== Excerpted records

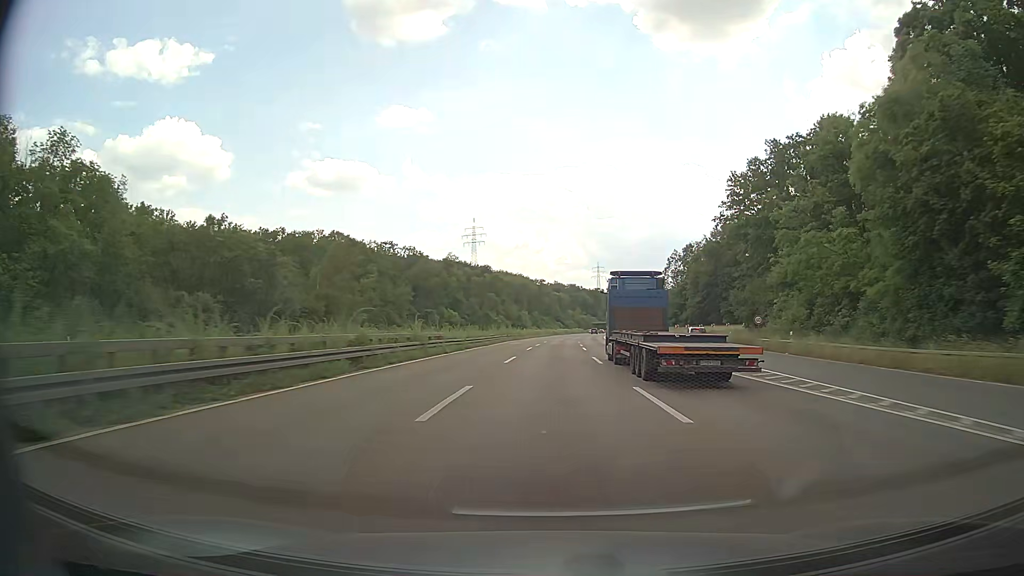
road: motorway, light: Day
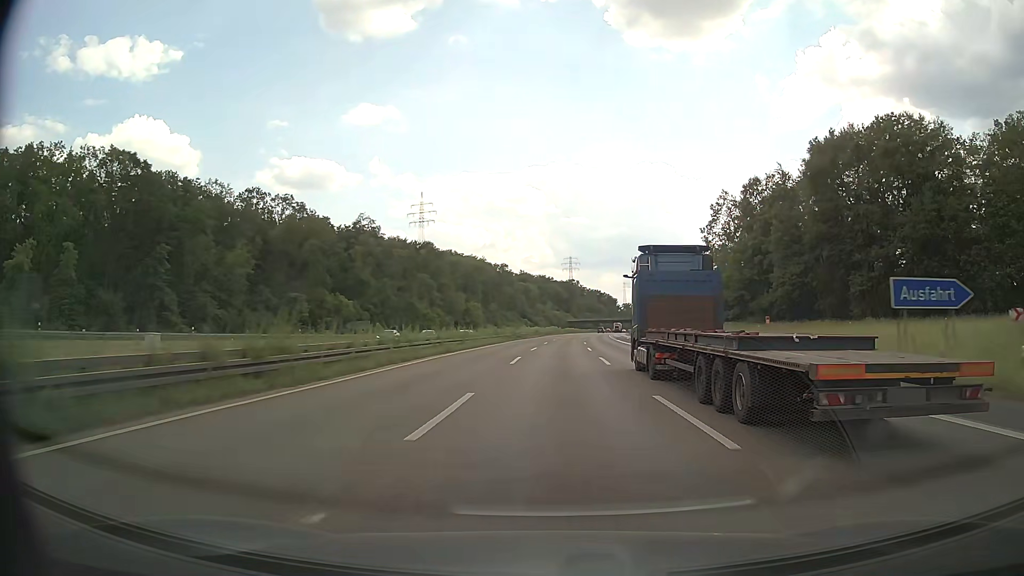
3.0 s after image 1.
(+2.7, +83.0) m; +3°
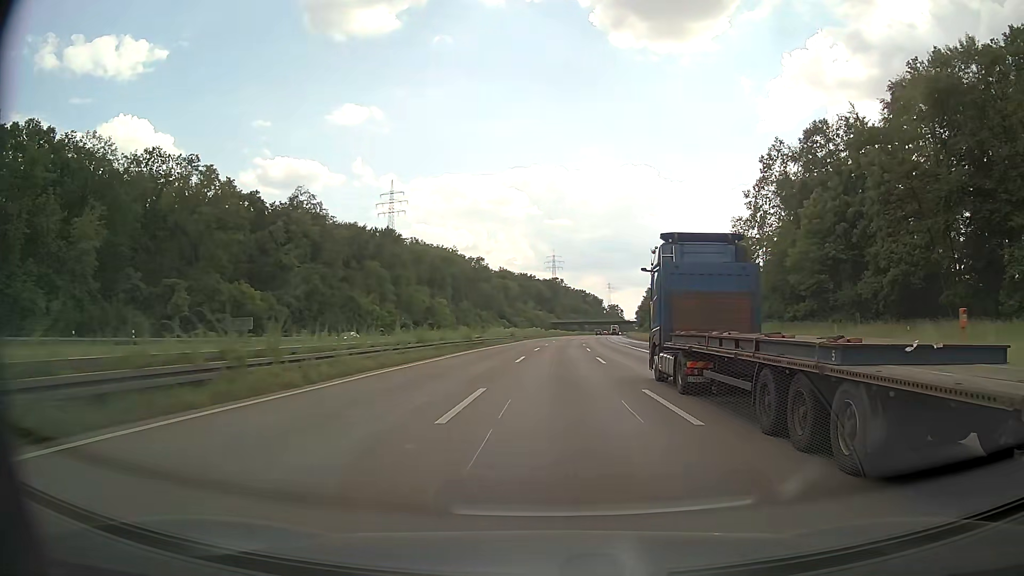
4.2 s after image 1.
(+0.5, +33.2) m; +2°
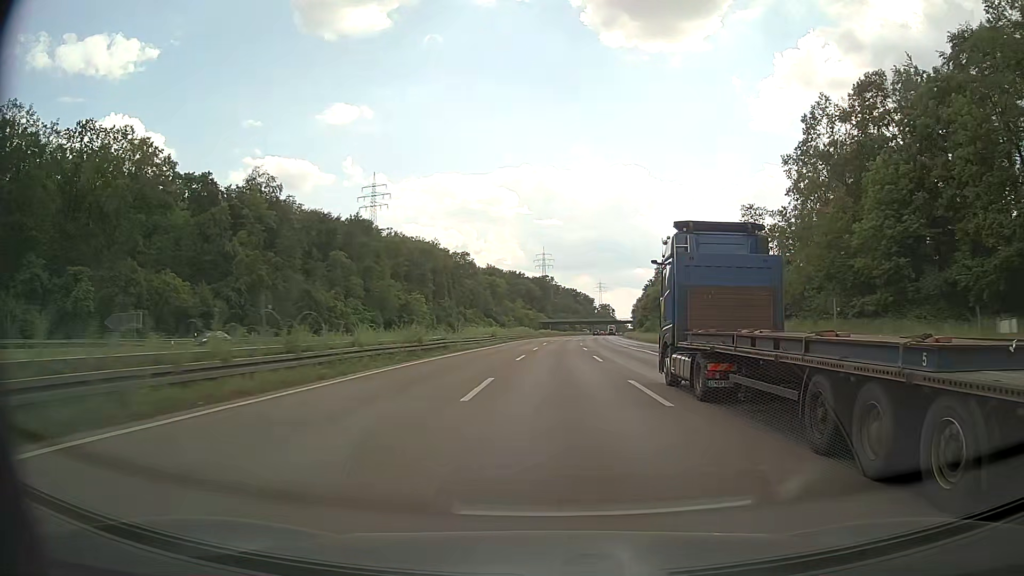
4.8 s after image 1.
(+0.1, +16.6) m; +1°
(0, +10) (0, +20) (0, +30) (+1, +40) (+1, +50) (+2, +60) (+2, +70) (+2, +80) (+3, +90) (+4, +100) m

====

Each line of the listing above must be given again exactly; the pictures are to be left out.

road: motorway, light: Day
3.0 s after image 1.
(+2.7, +83.0) m; +3°
4.2 s after image 1.
(+0.5, +33.2) m; +2°
4.8 s after image 1.
(+0.1, +16.6) m; +1°
(0, +10) (0, +20) (0, +30) (+1, +40) (+1, +50) (+2, +60) (+2, +70) (+2, +80) (+3, +90) (+4, +100) m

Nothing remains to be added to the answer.